He didn’t answer. Couldn’t. Words lodged in his throat.

She turned the glass slowly in her hands, but her eyes never wavered from his. “It’s so pretty, Maximus. I wonder…Wherever did you get it?”

He knew better than to tell her a lie. The way she was staring at him, it was obvious she already suspected it had come from the gods. But he also knew better than to tell her the truth too.

She gripped the glass in her hand and tossed it to her right. Max gasped, his gaze following the glass as it hurtled through the air. Twisted and gnarled fingers caught it before it smashed to the ground. Zelus chuckled with amusement.

“Gorgeous, isn’t it, Zelus?” Atalanta asked, still staring at Max.

“Yes, my queen,” he growled.

A slow smile spread across her features. “It’s yours, then.”

Zelus lifted it over his head.

“No!” Max screamed, every muscle in his body coiling tight.

Zelus’s arms moved so fast, Max barely tracked them, but his heart lurched in his throat, and when the glass shattered against the frozen ground with nothing more than a soft, tinkling sound, every one of his dreams shattered with it.

She’d never be able to find him. Not now. Not ever.

Max’s vision turned red, and he charged without thinking. His hand darted out, and he snagged Atalanta’s blade before she could kick it from his grasp. A roar echoed across the training field, but he didn’t look to see where it had come from, didn’t even realize it had erupted from him. He felt something strike his face, but he ignored it. The blade in his hand swiped out, connecting with Zelus’s flesh, dug into bone. The daemon howled, tried to fight back, but Max was too quick. He darted close and away before Zelus could react, and when Zelus was finally on his knees, Max didn’t even hesitate.

Behind him he heard Atalanta whisper, “Yes.”

His blade pulled back. The need to destroy overrode every one of his senses. Even that of morality.

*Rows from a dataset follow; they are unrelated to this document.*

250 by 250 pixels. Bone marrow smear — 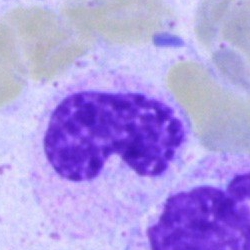 Morphology consistent with a band neutrophil.
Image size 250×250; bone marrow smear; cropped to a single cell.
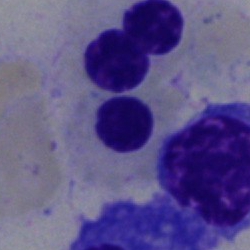
Cell type = erythroblast.
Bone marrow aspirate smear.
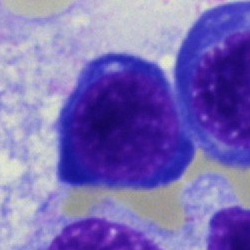 {"cell_type": "normoblast"}
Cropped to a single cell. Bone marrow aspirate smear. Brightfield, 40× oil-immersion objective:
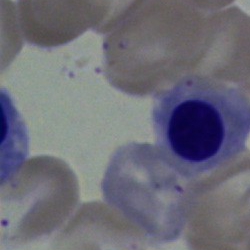
Nucleated red cell.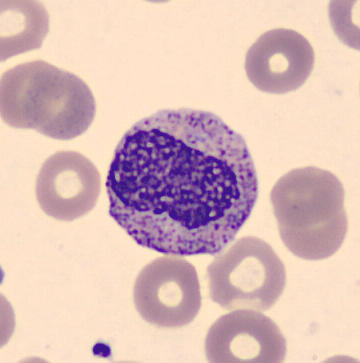 Peripheral blood smear.
A myelocyte.

A slicing sound echoed in the wake of his swipe. Zelus’s head rolled across the ground to land next to Phobi’s. His body landed with a thud seconds later.

Long, rolling, female laughter erupted behind him. “Yes, Maximus. Yes!” Atalanta clapped her hands together and then slapped them against his upper arms, jostling him in exuberance.

Sweaty, breathing hard and staring at his carnage, Max expected to feel remorse. But he didn’t. Not a thread. This time what he felt was victory. And instead of the decapitated daemon what he saw was every one of his stupid and useless hopes and dreams ripped apart at his feet.

He let her pull him back to hug him against her body. Didn’t fight her touch or tense like he normally did. “I knew you had it in you!”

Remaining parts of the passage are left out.